RECORD EXTRACTS:

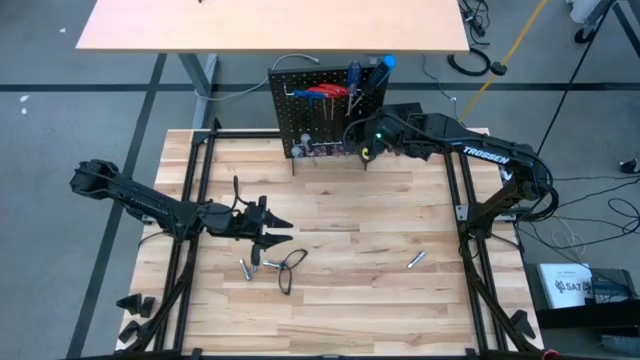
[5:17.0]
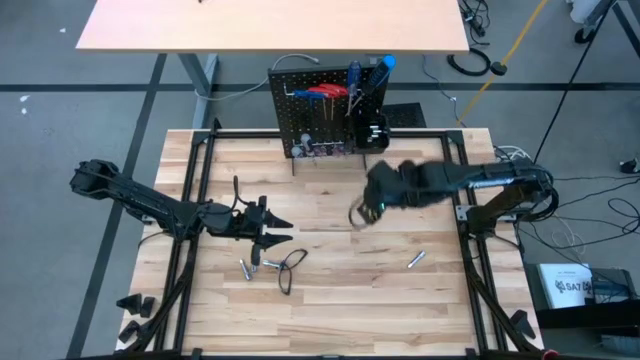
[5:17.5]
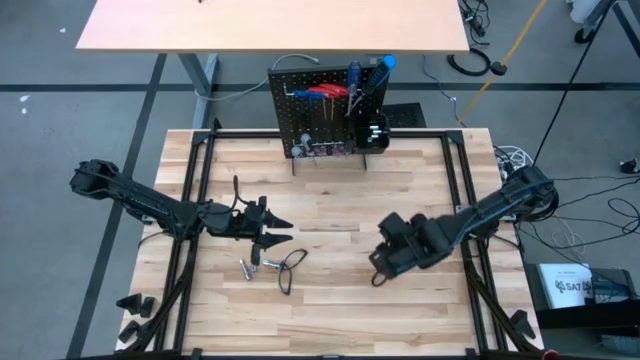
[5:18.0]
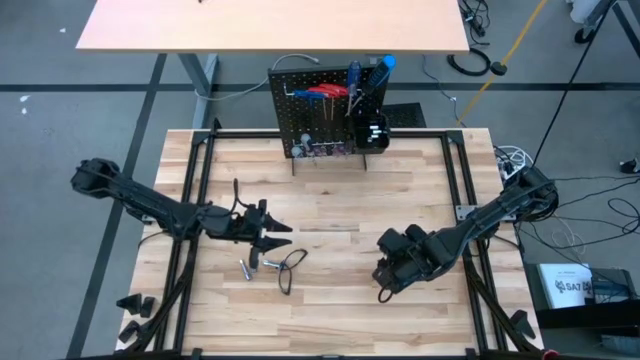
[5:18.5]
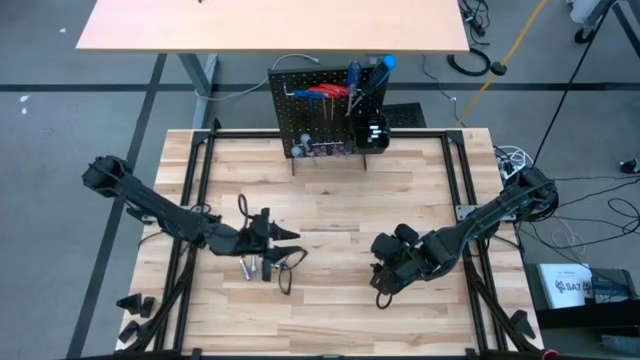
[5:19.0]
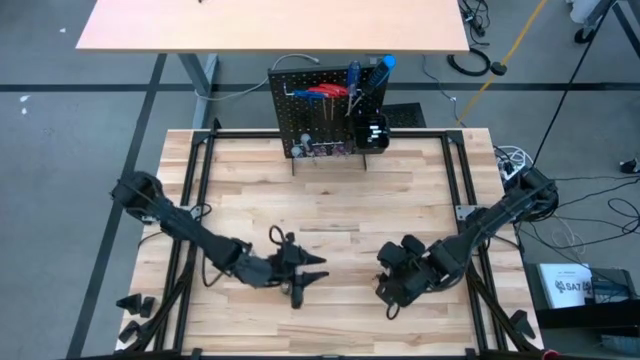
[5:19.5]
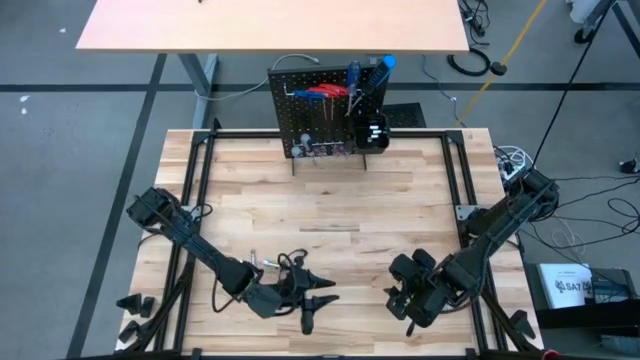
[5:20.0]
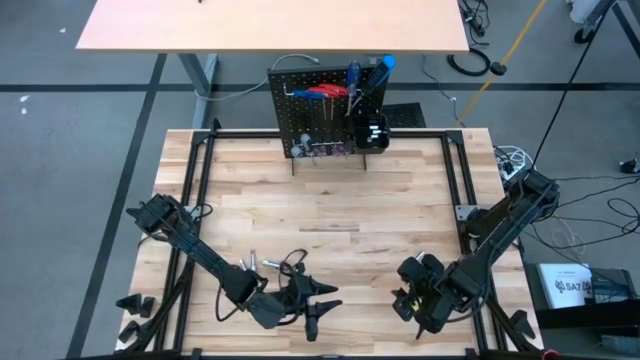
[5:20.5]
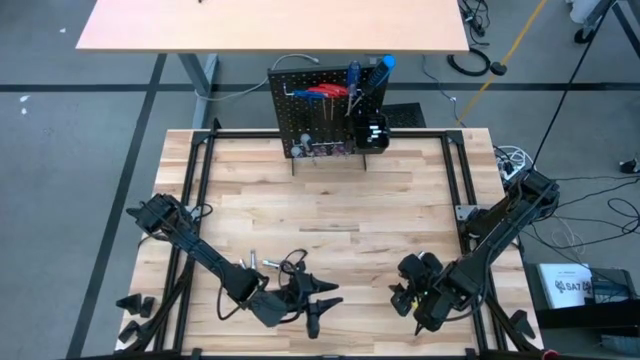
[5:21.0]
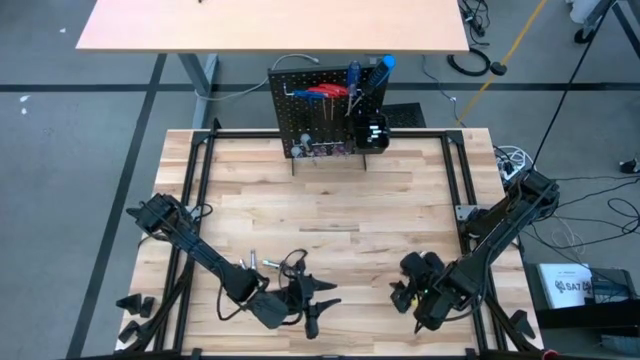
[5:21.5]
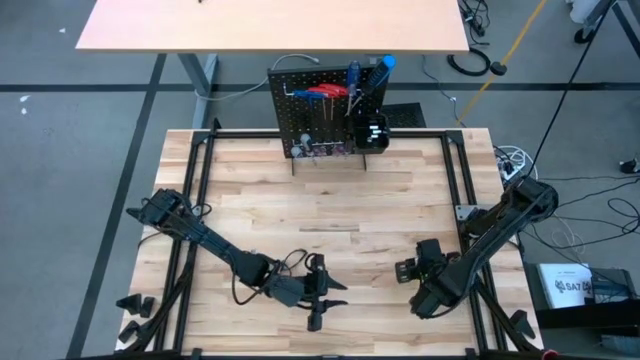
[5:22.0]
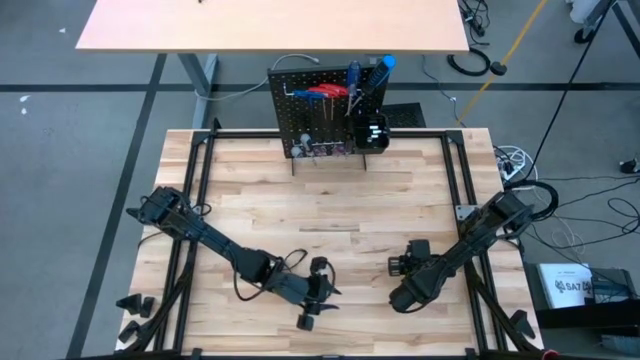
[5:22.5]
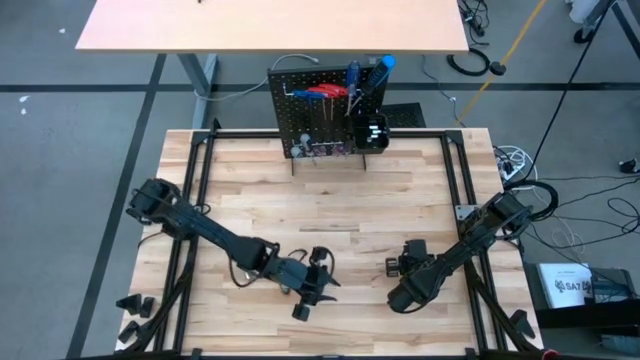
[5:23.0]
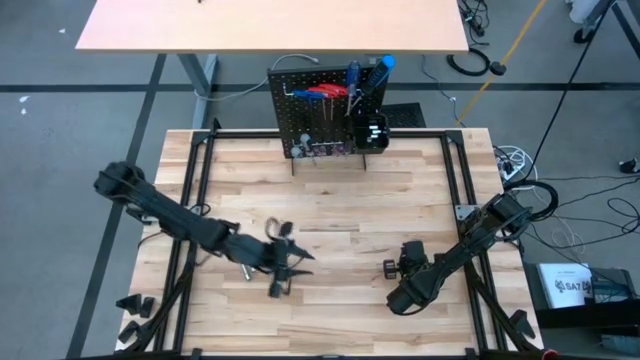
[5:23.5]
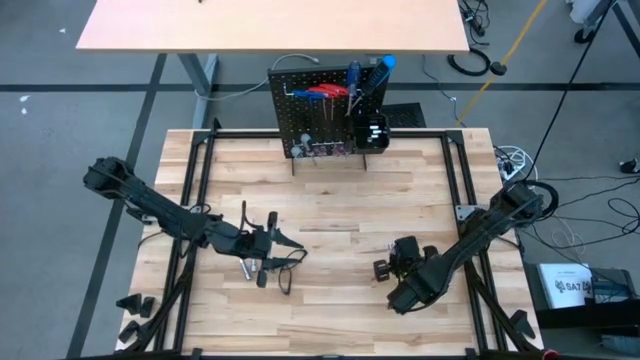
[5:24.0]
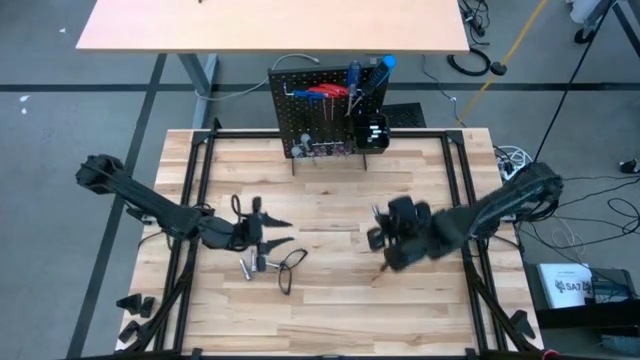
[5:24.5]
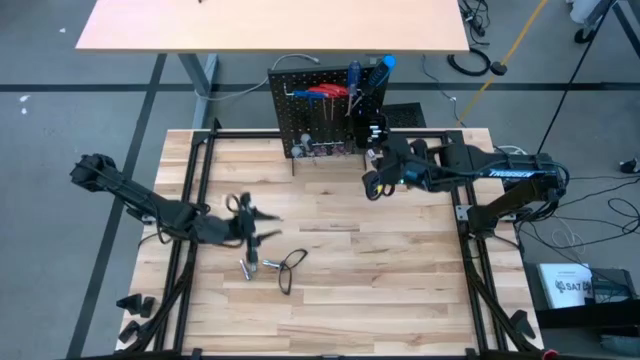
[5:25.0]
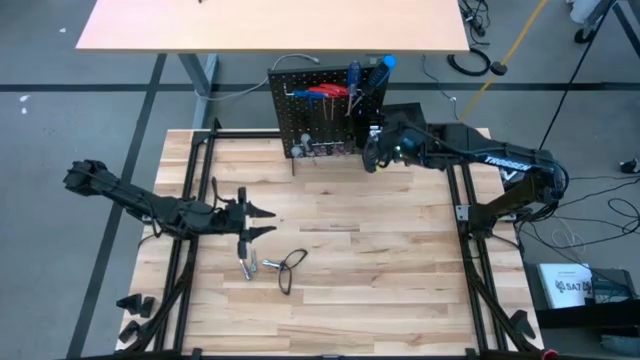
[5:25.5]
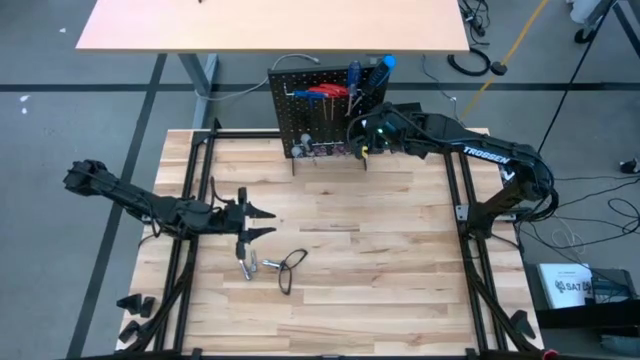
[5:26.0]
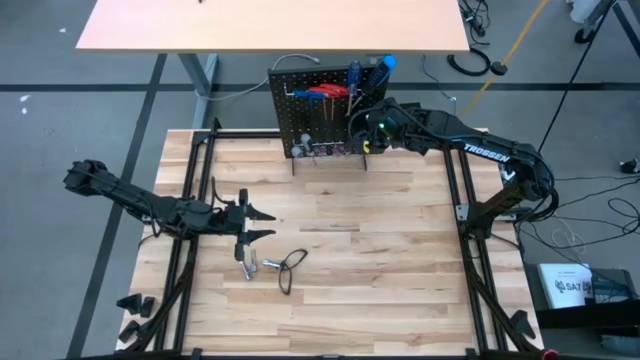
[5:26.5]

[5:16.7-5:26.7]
Task: Hang tools onto peg board
Put the extension bar into the black bin on the peg board

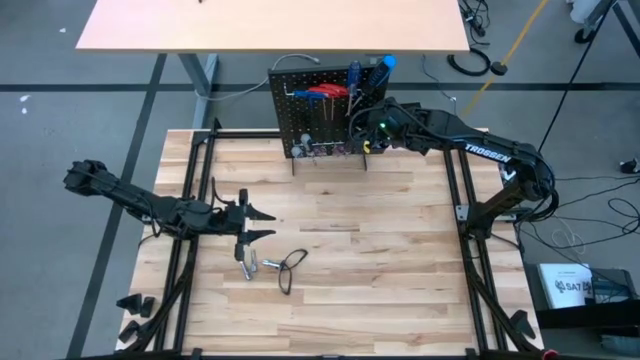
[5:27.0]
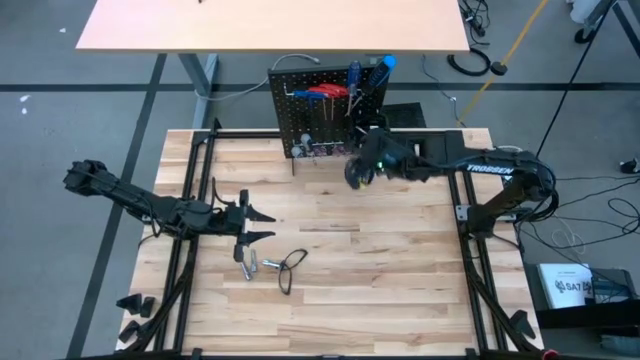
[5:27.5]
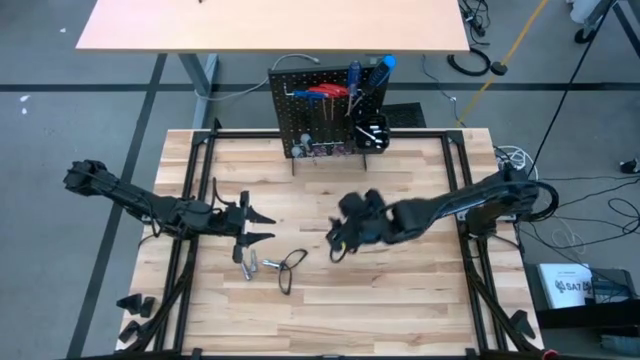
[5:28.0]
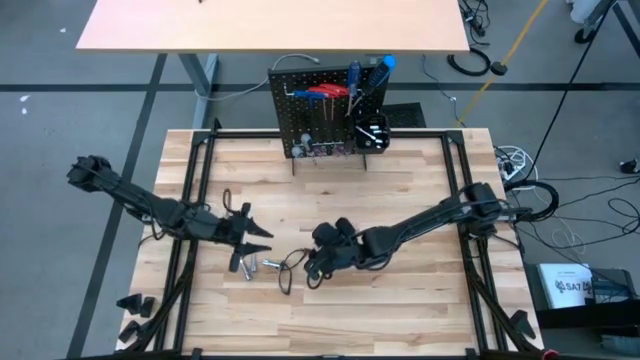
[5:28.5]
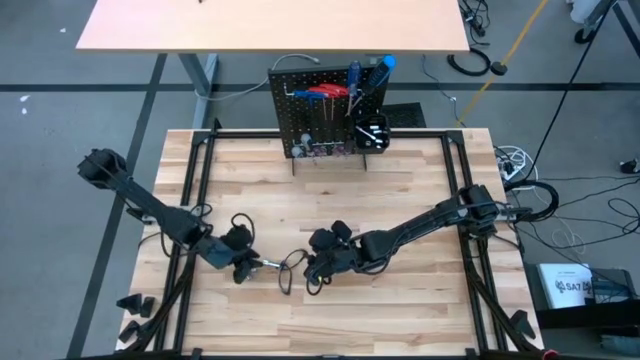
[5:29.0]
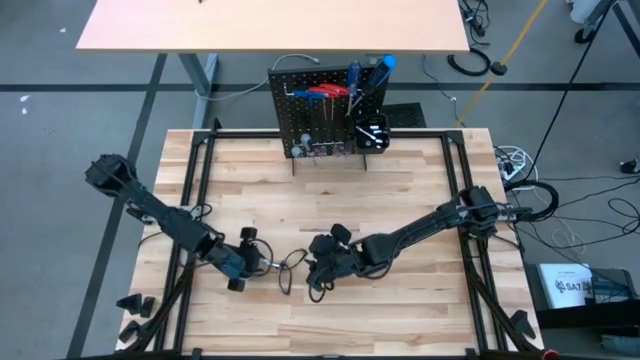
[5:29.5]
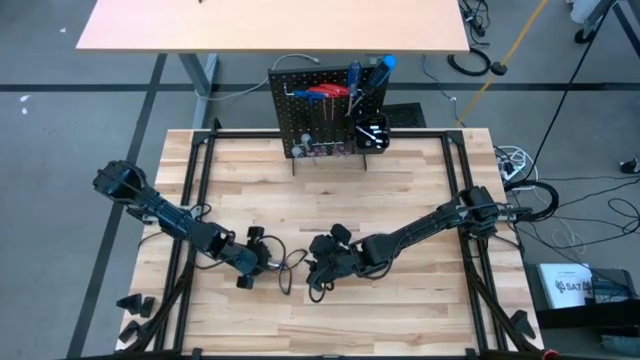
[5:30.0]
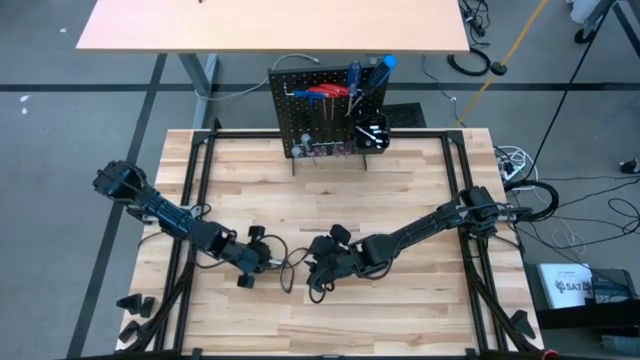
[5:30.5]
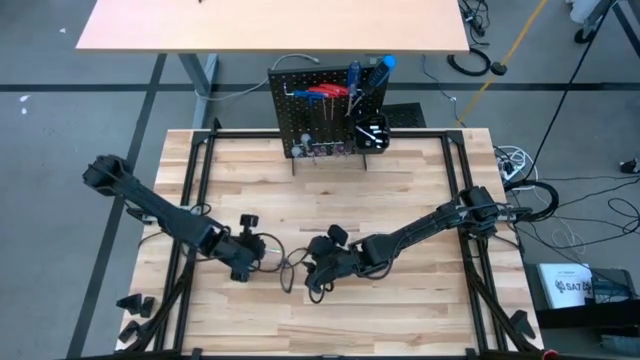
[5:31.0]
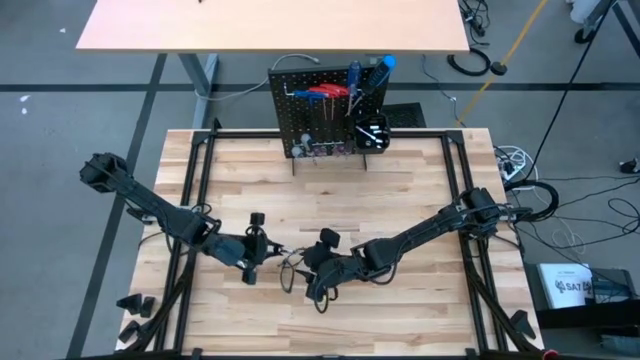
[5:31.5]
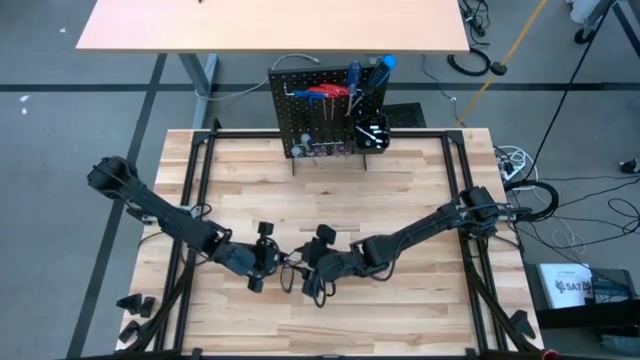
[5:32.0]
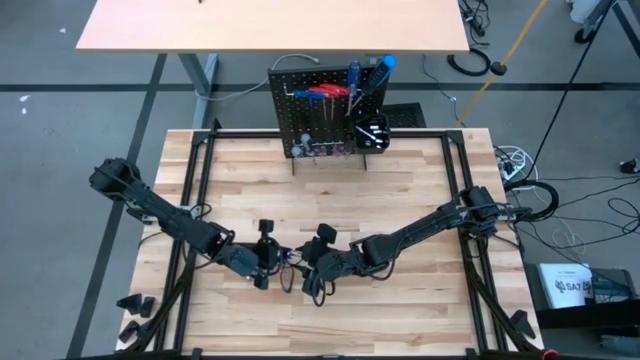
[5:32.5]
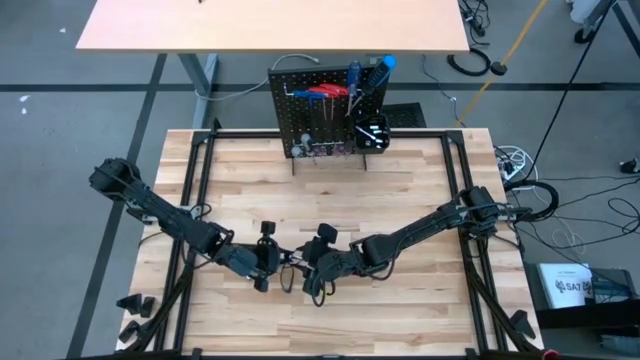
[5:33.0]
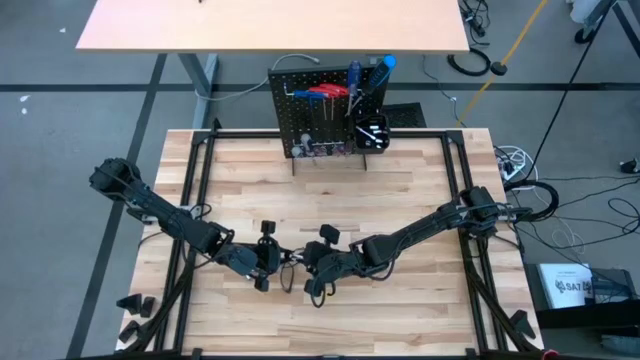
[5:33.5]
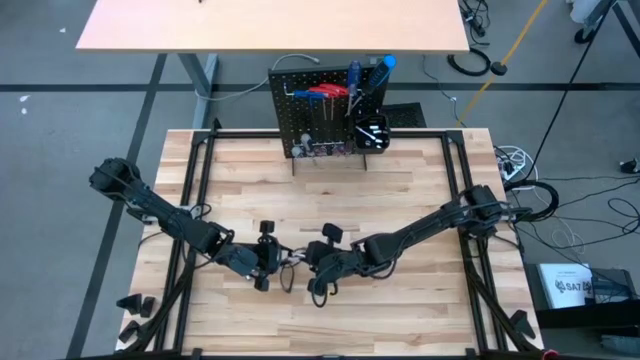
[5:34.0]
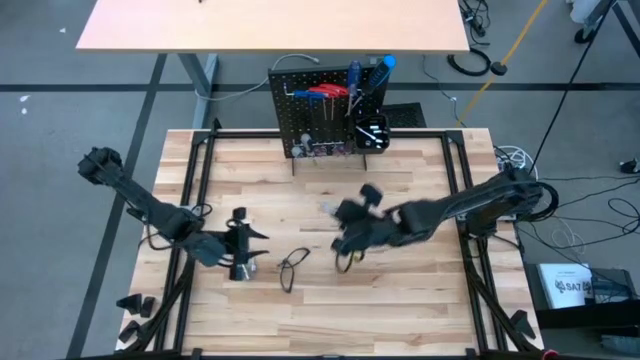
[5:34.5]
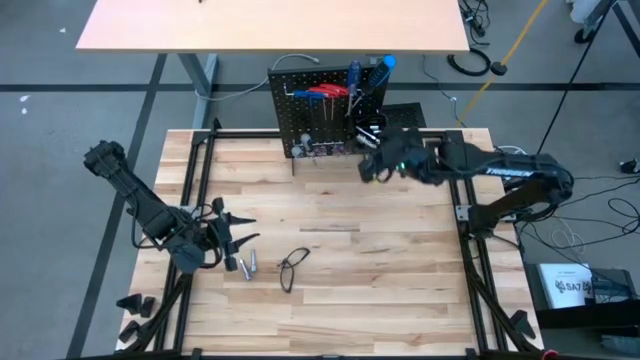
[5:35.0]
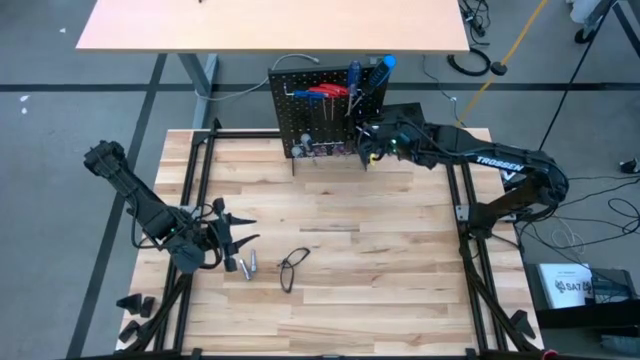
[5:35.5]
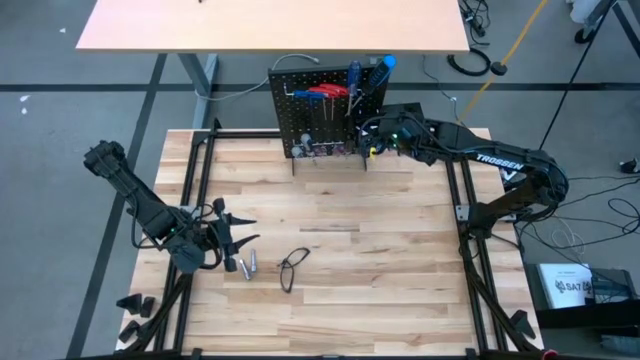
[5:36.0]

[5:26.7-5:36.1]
Put the right extension bar into the black bin on the peg board

DIRECTIONS: The material above must be reproduced line for line, with the images omitted.

REPLY:
[5:17.0]
[5:17.5]
[5:18.0]
[5:18.5]
[5:19.0]
[5:19.5]
[5:20.0]
[5:20.5]
[5:21.0]
[5:21.5]
[5:22.0]
[5:22.5]
[5:23.0]
[5:23.5]
[5:24.0]
[5:24.5]
[5:25.0]
[5:25.5]
[5:26.0]
[5:26.5]

[5:16.7-5:26.7]
Task: Hang tools onto peg board
Put the extension bar into the black bin on the peg board

[5:27.0]
[5:27.5]
[5:28.0]
[5:28.5]
[5:29.0]
[5:29.5]
[5:30.0]
[5:30.5]
[5:31.0]
[5:31.5]
[5:32.0]
[5:32.5]
[5:33.0]
[5:33.5]
[5:34.0]
[5:34.5]
[5:35.0]
[5:35.5]
[5:36.0]

[5:26.7-5:36.1]
Put the right extension bar into the black bin on the peg board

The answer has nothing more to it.